Case Presentation: A 20 year old male with past medical history significant for chronic phase CML, diagnosed approximately 1 year prior to admission, presents for evaluation of worsening right leg pain over the past 2-3 months. At the time of diagnosis of CML, he was started on Imatinib and shortly after developed diffuse bone pain. Repeat bone marrow biopsy at 7 months showed minor cytogenetic response on Imatinib and patient was switched to Desatinib, with improvement in bone pain. Repeat bone marrow biopsy at 3 months following initiation of Desatinib showed patient to have complete cytogenetic response. Approximately one month later, patient began to notice worsening pain in his lower back and right hip. A MRI of the lumbar spine showed bulging disks of L3-L5 which was thought to be the cause of the pain. After several months of physical therapy and epidural spine injections the patient’s lower back pain resolved but he continued to have progressive hip pain that became so severe that he was unable to ambulate. On admission, his right lower extremity was exquisitely tender on range of motion testing. MRI of right femur was obtained which showed proximal large mass with bony destruction and extra osseous extension into the adjacent musculature. Biopsy of mass was obtained which came back significant for femoral sarcomatous transformation of patients CML. Hospital stay was complicated by pathologic fracture of the right hip. Given the size and extent of the sarcoma no intervention was possible at the time. He was started on induction chemotherapy (CLA + pinotinib) in an attempt to shrink the mass and subsequently underwent 2 more rounds of consolidation chemotherapy with reduction in size of R femur mass. He is currently being followed as an outpatient by orthopedic surgery for possible surgical intervention and is also being evaluated by bone marrow transplant team for future haploidentical transplant, as his brother has been identified as suitable donor.

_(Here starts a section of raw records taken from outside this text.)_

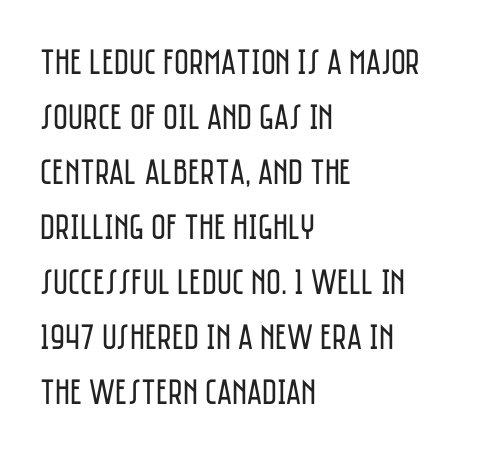
The line texture is even and compact thanks to regular tracking. The letters stand straight up with perfectly vertical stems. Lines of text with bare space underneath. The rag falls on the right side of this text block. Spacing verdict: proportional, widths tailored to each character. The passage shown is typeset with a sans-serif family.
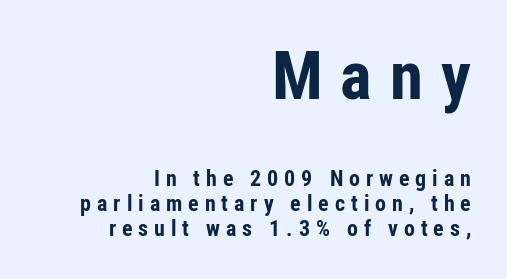
Q: Is the text bold? A: Yes.
Q: Is the text italic (slanted)? A: No, it is upright.
Q: Is the typeface a serif or a sans-serif typeface? A: Sans-serif.
Q: Is the text underlined? A: No.
Q: How is the paragraph aligned? A: Right-aligned.
Q: Is the spacing between letters normal or unusually wide? A: Unusually wide.
Q: Is the spacing between lines tight, normal or loose? A: Tight.
Q: Which block of text is set in a larger size, the first (top) or the second (bottom)? A: The first (top) one.
Q: Width (condensed, normal, or wide)? A: Condensed.
Q: Stroke contrast? A: Low.
Q: x-height? A: Medium.
Q: Monospaced? A: No.
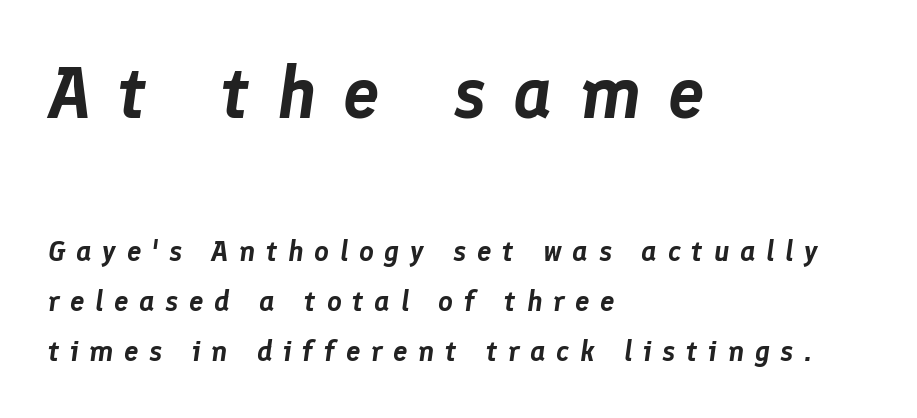
The image shows 73 px text type, italic (leaning right); set left-aligned, line spacing 1.73x, unusually wide letter spacing (+0.36 em), not underlined; the first (top) block is 2.52x larger; low stroke contrast and a medium x-height.
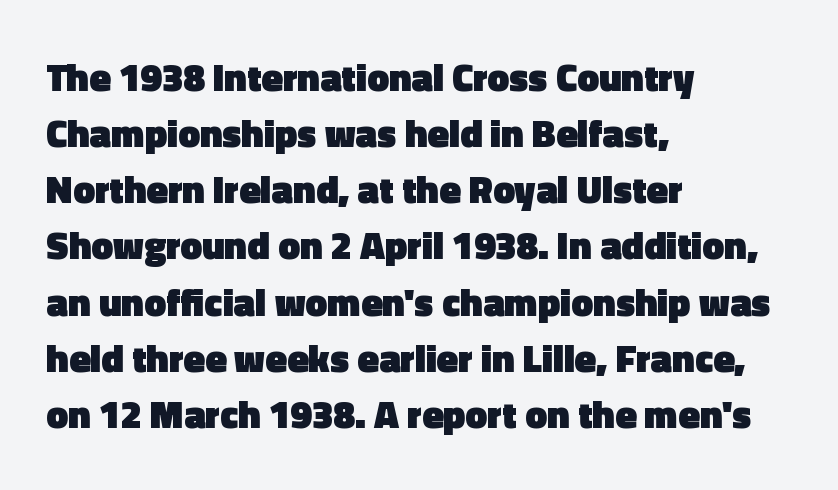
Q: Is the text bold? A: Yes.
Q: Is the text italic (slanted)? A: No, it is upright.
Q: Is the typeface a serif or a sans-serif typeface? A: Sans-serif.
Q: Is the text underlined? A: No.
Q: How is the paragraph aligned? A: Left-aligned.
Q: Is the spacing between letters normal or unusually wide? A: Normal.
Q: Is the spacing between lines tight, normal or loose? A: Normal.
Q: Width (condensed, normal, or wide)? A: Normal.
Q: x-height? A: Medium.
Q: Monospaced? A: No.
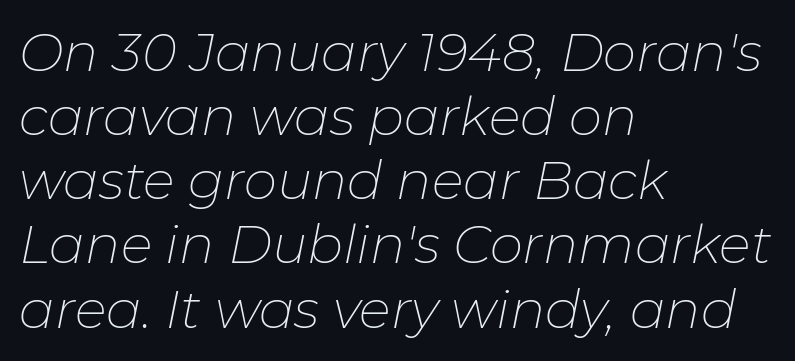
{"italic": "yes", "lean": "right", "slant_degrees": 11, "bold": "no", "weight": "thin", "width": "normal", "stroke_contrast": "low", "x_height": "medium", "monospaced": "no", "underline": "no", "align": "left", "line_spacing_ratio": 1.21, "letter_spacing": "normal", "letter_spacing_em": 0.0, "glyph_px": 53}
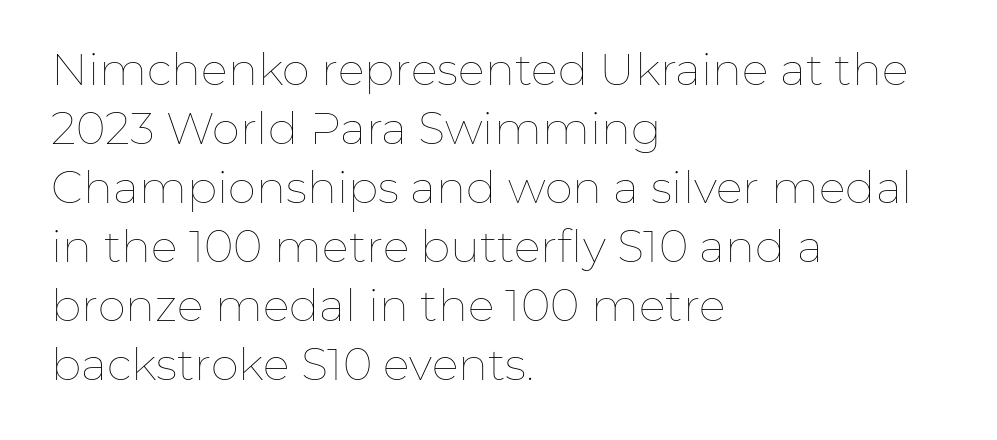
{"italic": "no", "bold": "no", "weight": "thin", "width": "normal", "stroke_contrast": "low", "x_height": "medium", "monospaced": "no", "underline": "no", "align": "left", "line_spacing": "normal", "line_spacing_ratio": 1.31, "letter_spacing": "normal", "letter_spacing_em": 0.0, "glyph_px": 45}
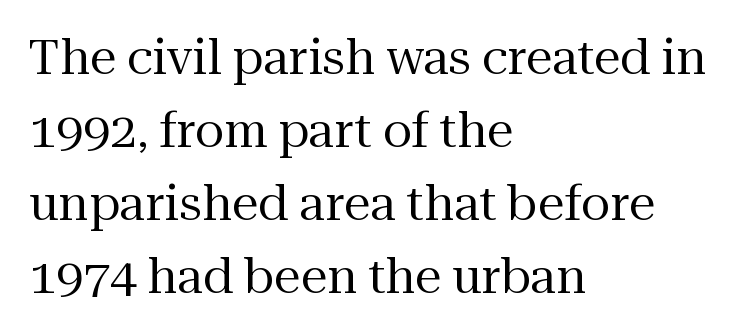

Discussion: Sarcomatous transformation of CML is a rare finding that usually occurs later in the natural history of the disease and confers a worse prognosis. Prior studies have reported a 7-17% occurrence of extramedullary disease, often myeloid sarcomas, in patients with CML. Although relatively rare, patients with this finding tend to have a higher risk of going on to develop rapid blastic marrow transformation or often, are found to be in blast crisis at the time of presentation. Management for extramedullary disease depends on previous therapy, type of leukemia, and location and extent of disease. Tyrosine kinase inhibitors continue to be the mainstay of treatment in many cases, but often can require other systemic treatments, localized radiation, and bone marrow transplant. Although quite effective in the management of CML, TKI’s have been shown to be significantly less effective in pts found to have myeloid sarcomatous transformation.
Conclusions: This is a rare case of femoral sarcomatous transformation of CML in a patient that was previously thought to have had complete cytogenetic response on desatinib. Unfortunately, while the patient had cleared his bone marrow of disease, he had not cleared his peripheral blood. This conveys a significantly worse prognosis for our patient and increases his risk of going on to develop future blast crisis. Due to the location and size of the sarcoma our patient experienced significant morbidity, leading to extensive hospitalization. This might have been prevented, had a diagnosis of sarcoma been entertained earlier in the patients course.